By Wayne Bierbaum
There are a lot of birds that prey on fish and there are just as many methods of catching fish—many are very unique.
The standard method of stabbing a sharp beak towards a fish has interesting variations. Wading birds like egrets and herons are large beaked ambush predators but the snowy egret, a small wading bird with black legs and bright yellow feet, can be seen actively, sometimes comically, running in shallow water after small fish.
In deeper water, the snowy egret frequently will fly low over a school of fish and act like it is walking on the surface. As the fish swim in front of the splashing yellow feet, the egret will lean down and grab them.

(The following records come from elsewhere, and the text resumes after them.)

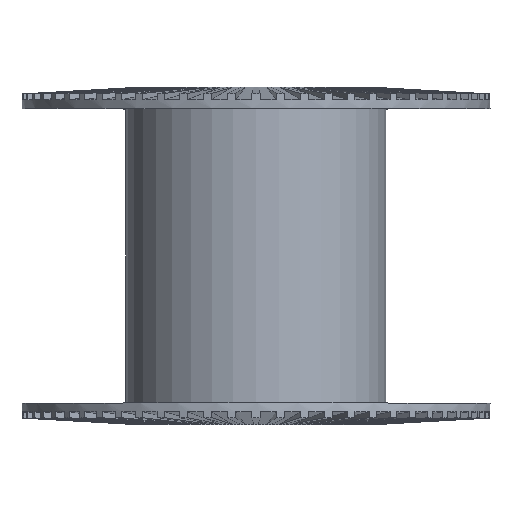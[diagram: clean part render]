
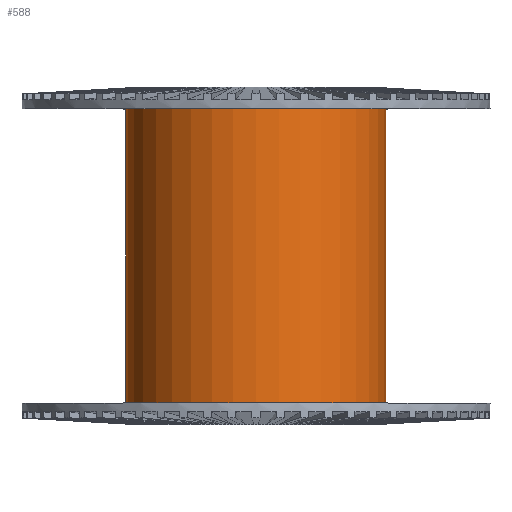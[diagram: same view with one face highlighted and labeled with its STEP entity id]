
A CAD part, top view. The second image highlights one B-rep face of the part: STEP entity #588.
In plain terms, the highlighted cylindrical face has radius 190.5 mm (diameter 381 mm), a full revolution.
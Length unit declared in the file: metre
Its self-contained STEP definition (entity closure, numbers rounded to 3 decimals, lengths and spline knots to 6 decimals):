
#588 = ADVANCED_FACE( '', ( #1617, #1618 ), #1619, .T. );
#1617 = FACE_OUTER_BOUND( '', #3088, .T. );
#1618 = FACE_OUTER_BOUND( '', #3089, .T. );
#1619 = CYLINDRICAL_SURFACE( '', #3090, 0.1905 );
#3088 = EDGE_LOOP( '', ( #4728 ) );
#3089 = EDGE_LOOP( '', ( #4729 ) );
#3090 = AXIS2_PLACEMENT_3D( '', #4730, #4731, #4732 );
#4728 = ORIENTED_EDGE( '', *, *, #8961, .T. );
#4729 = ORIENTED_EDGE( '', *, *, #8856, .F. );
#4730 = CARTESIAN_POINT( '', ( 0., -0.254, 0. ) );
#4731 = DIRECTION( '', ( 0., -1., 0. ) );
#4732 = DIRECTION( '', ( 0., 0., 1. ) );
#8856 = EDGE_CURVE( '', #10599, #10599, #10600, .T. );
#8961 = EDGE_CURVE( '', #10784, #10784, #10785, .T. );
#10599 = VERTEX_POINT( '', #13047 );
#10600 = CIRCLE( '', #13048, 0.1905 );
#10784 = VERTEX_POINT( '', #13289 );
#10785 = CIRCLE( '', #13290, 0.1905 );
#13047 = CARTESIAN_POINT( '', ( 0., -0.2159, -0.1905 ) );
#13048 = AXIS2_PLACEMENT_3D( '', #16118, #16119, #16120 );
#13289 = CARTESIAN_POINT( '', ( 0., 0.2159, -0.1905 ) );
#13290 = AXIS2_PLACEMENT_3D( '', #16247, #16248, #16249 );
#16118 = CARTESIAN_POINT( '', ( 0., -0.2159, 0. ) );
#16119 = DIRECTION( '', ( 0., -1., 0. ) );
#16120 = DIRECTION( '', ( 0., 0., -1. ) );
#16247 = CARTESIAN_POINT( '', ( 0., 0.2159, 0. ) );
#16248 = DIRECTION( '', ( 0., -1., 0. ) );
#16249 = DIRECTION( '', ( 0., 0., -1. ) );
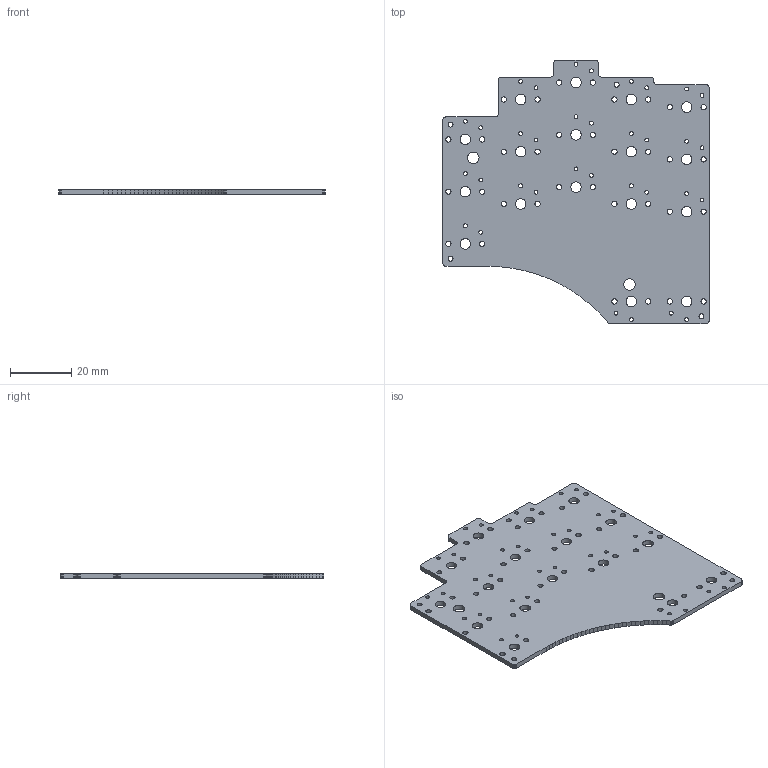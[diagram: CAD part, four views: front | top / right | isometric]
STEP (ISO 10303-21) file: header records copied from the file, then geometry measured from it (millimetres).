
FILE_DESCRIPTION(('KiCad electronic assembly'),'2;1');
FILE_NAME('Dyad_left_routes.step','2025-02-09T19:18:36',('Pcbnew'),( 'Kicad'),'Open CASCADE STEP processor 7.7','KiCad to STEP converter' ,'Unknown');
FILE_SCHEMA(('AUTOMOTIVE_DESIGN { 1 0 10303 214 1 1 1 1 }'));
Length unit declared in the file: millimetre
Products named in the file (2): Dyad_left_routes 1; _autosave-Dyad_left_routes PCB
Assembly tree (1 placements, depth 2):
  Dyad_left_routes 1
    _autosave-Dyad_left_routes PCB
Bounding box: 86.6 x 85.8 x 1.6 mm (x, y, z)
Volume: 9058.4 mm3; surface area: 12716.1 mm2
Topology: 1 solids, 1 shells, 237 faces, 705 edges, 470 vertices
Faces by surface type: plane 146, cylinder 91
Full cylindrical faces by diameter (mm): 1.27 x34, 1.6 x4, 1.702 x34, 3.429 x17, 3.734 x2
Entity records: 18083 total; most frequent: CARTESIAN_POINT 3916, DIRECTION 2593, LINE 1751, VECTOR 1751, ORIENTED_EDGE 1410, PCURVE 1410, DEFINITIONAL_REPRESENTATION 1410, EDGE_CURVE 705

Another wading bird, the reddish egret, very frequently holds its wings open as it leans over shallow water. The open dark wings allow it to see better and also attract small fish into the wing’s shade. Then comes the quick beak action. The reddish egrets are a southern bird and rarely seen in Maryland (last appearance was in 2003).

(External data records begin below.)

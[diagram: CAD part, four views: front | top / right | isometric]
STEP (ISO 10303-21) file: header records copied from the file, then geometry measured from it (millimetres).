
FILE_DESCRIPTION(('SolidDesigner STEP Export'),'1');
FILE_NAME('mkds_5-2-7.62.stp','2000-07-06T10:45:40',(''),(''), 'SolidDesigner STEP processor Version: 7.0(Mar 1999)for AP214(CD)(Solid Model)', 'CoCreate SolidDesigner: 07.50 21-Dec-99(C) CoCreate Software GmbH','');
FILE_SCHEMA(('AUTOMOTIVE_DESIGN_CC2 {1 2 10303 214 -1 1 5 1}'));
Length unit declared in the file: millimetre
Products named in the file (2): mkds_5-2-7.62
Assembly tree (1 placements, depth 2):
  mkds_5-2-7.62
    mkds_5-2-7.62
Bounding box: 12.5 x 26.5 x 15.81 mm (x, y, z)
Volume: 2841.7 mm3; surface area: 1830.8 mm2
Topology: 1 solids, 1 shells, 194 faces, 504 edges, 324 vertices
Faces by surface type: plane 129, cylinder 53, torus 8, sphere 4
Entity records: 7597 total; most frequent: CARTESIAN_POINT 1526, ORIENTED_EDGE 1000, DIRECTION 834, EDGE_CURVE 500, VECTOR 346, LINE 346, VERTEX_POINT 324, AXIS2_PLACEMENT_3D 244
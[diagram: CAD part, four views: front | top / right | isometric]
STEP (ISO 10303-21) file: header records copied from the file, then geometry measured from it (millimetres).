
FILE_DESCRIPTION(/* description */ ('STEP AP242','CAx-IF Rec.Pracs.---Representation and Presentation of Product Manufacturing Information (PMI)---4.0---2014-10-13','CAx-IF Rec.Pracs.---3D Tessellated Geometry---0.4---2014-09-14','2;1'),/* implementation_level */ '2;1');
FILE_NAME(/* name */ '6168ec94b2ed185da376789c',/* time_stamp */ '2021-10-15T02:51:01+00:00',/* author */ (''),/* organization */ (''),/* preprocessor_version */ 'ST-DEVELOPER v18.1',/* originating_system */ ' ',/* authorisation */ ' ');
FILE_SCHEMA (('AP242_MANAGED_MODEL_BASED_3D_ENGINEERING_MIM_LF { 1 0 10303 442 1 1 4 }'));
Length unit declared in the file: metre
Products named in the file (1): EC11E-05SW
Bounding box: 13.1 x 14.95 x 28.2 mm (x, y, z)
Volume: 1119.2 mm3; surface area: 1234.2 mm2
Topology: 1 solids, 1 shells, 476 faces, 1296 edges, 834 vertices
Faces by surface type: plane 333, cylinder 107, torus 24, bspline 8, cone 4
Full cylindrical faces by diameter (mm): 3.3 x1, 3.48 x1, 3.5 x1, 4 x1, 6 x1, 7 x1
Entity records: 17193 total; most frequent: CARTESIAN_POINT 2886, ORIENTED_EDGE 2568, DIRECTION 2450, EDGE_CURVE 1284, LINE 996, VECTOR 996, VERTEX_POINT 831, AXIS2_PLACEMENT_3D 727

Of the egrets and herons, the most interesting fishing method is that of the green heron, the smallest of Maryland’s herons and the most colorful. It is stalking predator that has learned how to use tools. A splash alerts minnows to an insect that has fallen in the water and they race to the sound to eat. The green heron mimics this noise by dropping a small stick into the water—the minnows rush to the sound and are caught in the heron’s beak. I have seen a green heron standing on a log on a flowing creek, take a tiny stick, its lure, and drop it into the water at the upstream end of the log and walk to the other end, pick up the stick and repeat the process over and over again. It caught a fish on just about every other drift. Green herons have also been noted to use bread crust and dried insects as bait.

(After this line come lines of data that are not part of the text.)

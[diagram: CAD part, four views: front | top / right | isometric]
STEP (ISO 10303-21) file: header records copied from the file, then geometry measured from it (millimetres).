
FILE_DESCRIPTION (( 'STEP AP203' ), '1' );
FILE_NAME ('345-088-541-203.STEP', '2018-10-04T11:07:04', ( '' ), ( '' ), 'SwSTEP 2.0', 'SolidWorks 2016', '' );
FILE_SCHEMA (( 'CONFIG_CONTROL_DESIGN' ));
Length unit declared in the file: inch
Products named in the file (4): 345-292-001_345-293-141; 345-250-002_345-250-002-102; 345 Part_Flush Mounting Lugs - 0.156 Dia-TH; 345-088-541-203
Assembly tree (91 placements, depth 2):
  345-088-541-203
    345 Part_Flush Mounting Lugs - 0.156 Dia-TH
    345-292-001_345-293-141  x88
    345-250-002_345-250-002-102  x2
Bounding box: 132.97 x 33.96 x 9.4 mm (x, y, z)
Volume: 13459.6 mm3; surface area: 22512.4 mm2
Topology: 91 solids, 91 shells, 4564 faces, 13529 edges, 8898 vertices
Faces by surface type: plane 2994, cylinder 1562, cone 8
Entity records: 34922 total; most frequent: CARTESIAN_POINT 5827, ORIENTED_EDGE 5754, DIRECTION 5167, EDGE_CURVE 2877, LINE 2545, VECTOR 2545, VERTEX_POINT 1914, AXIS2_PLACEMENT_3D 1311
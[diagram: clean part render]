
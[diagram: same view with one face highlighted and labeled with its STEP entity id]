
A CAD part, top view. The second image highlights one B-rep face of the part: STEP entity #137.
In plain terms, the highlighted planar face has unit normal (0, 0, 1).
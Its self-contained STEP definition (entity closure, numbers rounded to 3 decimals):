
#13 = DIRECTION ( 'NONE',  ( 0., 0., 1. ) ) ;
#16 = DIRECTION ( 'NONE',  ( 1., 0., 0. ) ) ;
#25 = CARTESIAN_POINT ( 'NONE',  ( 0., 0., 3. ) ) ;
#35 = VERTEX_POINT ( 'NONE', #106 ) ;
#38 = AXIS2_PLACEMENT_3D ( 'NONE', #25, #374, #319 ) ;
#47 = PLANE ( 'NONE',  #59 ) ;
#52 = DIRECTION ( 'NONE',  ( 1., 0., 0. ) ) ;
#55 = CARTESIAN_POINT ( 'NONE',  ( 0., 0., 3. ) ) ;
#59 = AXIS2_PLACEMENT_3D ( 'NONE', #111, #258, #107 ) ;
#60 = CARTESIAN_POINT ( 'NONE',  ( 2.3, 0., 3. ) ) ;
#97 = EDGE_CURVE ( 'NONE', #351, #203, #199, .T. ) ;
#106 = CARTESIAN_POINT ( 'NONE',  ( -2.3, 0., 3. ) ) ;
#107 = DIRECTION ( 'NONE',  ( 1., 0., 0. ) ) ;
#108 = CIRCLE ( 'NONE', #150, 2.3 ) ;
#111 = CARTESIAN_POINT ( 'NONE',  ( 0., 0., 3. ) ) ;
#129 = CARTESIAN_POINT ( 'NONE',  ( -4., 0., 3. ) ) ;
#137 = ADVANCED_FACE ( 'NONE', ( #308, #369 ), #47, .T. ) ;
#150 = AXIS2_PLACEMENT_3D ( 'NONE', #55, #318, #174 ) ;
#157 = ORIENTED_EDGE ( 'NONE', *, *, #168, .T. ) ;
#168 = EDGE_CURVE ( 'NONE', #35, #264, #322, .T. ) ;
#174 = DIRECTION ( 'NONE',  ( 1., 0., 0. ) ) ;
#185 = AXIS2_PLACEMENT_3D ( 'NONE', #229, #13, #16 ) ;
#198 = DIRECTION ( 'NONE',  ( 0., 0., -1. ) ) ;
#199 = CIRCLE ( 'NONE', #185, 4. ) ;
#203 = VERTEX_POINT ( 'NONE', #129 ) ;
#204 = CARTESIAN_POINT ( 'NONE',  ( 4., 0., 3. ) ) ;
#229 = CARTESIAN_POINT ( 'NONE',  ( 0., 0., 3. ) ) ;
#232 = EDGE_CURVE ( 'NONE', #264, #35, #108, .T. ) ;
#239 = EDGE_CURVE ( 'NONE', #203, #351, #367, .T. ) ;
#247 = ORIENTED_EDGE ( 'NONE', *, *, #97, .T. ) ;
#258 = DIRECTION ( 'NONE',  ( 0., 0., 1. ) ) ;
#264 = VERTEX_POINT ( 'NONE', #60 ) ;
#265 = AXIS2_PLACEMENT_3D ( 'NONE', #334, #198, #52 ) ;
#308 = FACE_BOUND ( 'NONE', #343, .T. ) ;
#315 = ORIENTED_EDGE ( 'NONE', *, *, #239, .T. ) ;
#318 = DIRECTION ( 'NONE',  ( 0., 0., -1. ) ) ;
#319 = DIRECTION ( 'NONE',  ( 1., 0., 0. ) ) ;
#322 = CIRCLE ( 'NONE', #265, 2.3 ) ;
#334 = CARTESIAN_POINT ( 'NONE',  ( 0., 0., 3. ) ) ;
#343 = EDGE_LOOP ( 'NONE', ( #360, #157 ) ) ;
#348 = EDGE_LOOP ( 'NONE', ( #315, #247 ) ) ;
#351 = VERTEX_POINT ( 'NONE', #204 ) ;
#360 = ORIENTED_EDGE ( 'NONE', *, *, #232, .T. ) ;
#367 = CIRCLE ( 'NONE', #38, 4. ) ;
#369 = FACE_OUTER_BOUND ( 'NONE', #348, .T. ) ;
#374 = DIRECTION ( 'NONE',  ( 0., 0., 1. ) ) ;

The great blue heron is a classic spear fisherman. It is remarkable for how much speed and force it can generate. I have seen a great blue heron spear a good-sized largemouth bass through and through. I have much respect for that spear.
Another large wading bird that has recently started visiting Maryland has a more tactile approach to fishing. The wood stork is a tall wading bird with a dark yellow-brown beak. One of its favorite kinds of fishing involves wading in very shallow muddy or plant-filled waters. It will lean forward and stick its beak into the mud or weeds and open it, which creates a void in the mud or weeds. Without moving the beak, it will shuffle its feet toward that spot and when it feels an animal enter the void it will clamp down. They catch fish, eels, crabs, amphibians, snakes and insects doing this.
The roseate spoonbill also uses a mostly tactile hunting style. It will open its spoonbill about three quarters of an inch and while walking forward swing the bill back and forth at an angle to the bottom of shallow water. When it feels movement in the bill, it closes. The bill’s fringed edges slow the escape of any prey.
Diving birds like terns open their beaks as they hit the water, grabbing fish that are close to the surface. Small terns like the Forster’s or least terns grab fish at a depth of 6 inches. Large terns, like the Caspian tern manage about 18 inches down. They fish by sight and pop out of the water using their buoyancy like a spring. The brown pelican can fish to about 3 feet under the surface. After hitting the water in a dive, they open their bill and fill their pouch near the end of their plunge.
The diving super star is the northern gannet. They will hit the water at 60 miles per hour and penetrate to a depth of 36 feet. After the deep plummet, they may still use their wings to swim down another 20 feet. They generally are interested in sardine-sized fish and may take over 100 plunges before resting. Scientists are studying them to see how they can survive the power of those plunges without brain or bone injuries.
One of the shallowest feeders is the skimmer. Black skimmers catch fish within 3 inches of the water surface. They mostly fly at night, right at the surface with their knife-like lower bill cutting through the water. They try to rest during the day. Unfortunately, it likes to frequent public beaches. Who can rest there?
Swimming diving birds all have some idiosyncrasies. The pied-billed grebe will grab underwater vegetation with their feet to stalk fish. Loons have very dense bones that they can submerge like a submarine. They swim quite well and can stay underwater for quite a while. Their large pointed bill is used to probe crevasses for fish, crayfish and crabs. Their feet are so far back on their bodies that they have a hard time walking on land and need a lot of water surface to fly off the water. They can get trapped if they land on a pond that too small for them to fly off.
One of the best places to see wading birds, especially in early September, is Bombay Hook National Wildlife Refuge. Assateague Island also has spots with lots of wading birds and in the late fall it is a great place to witness the high-speed plunge of the gannets. They will dive into the water just off shore. Northern gannets will also come into the Bay in October and November but a boat is needed.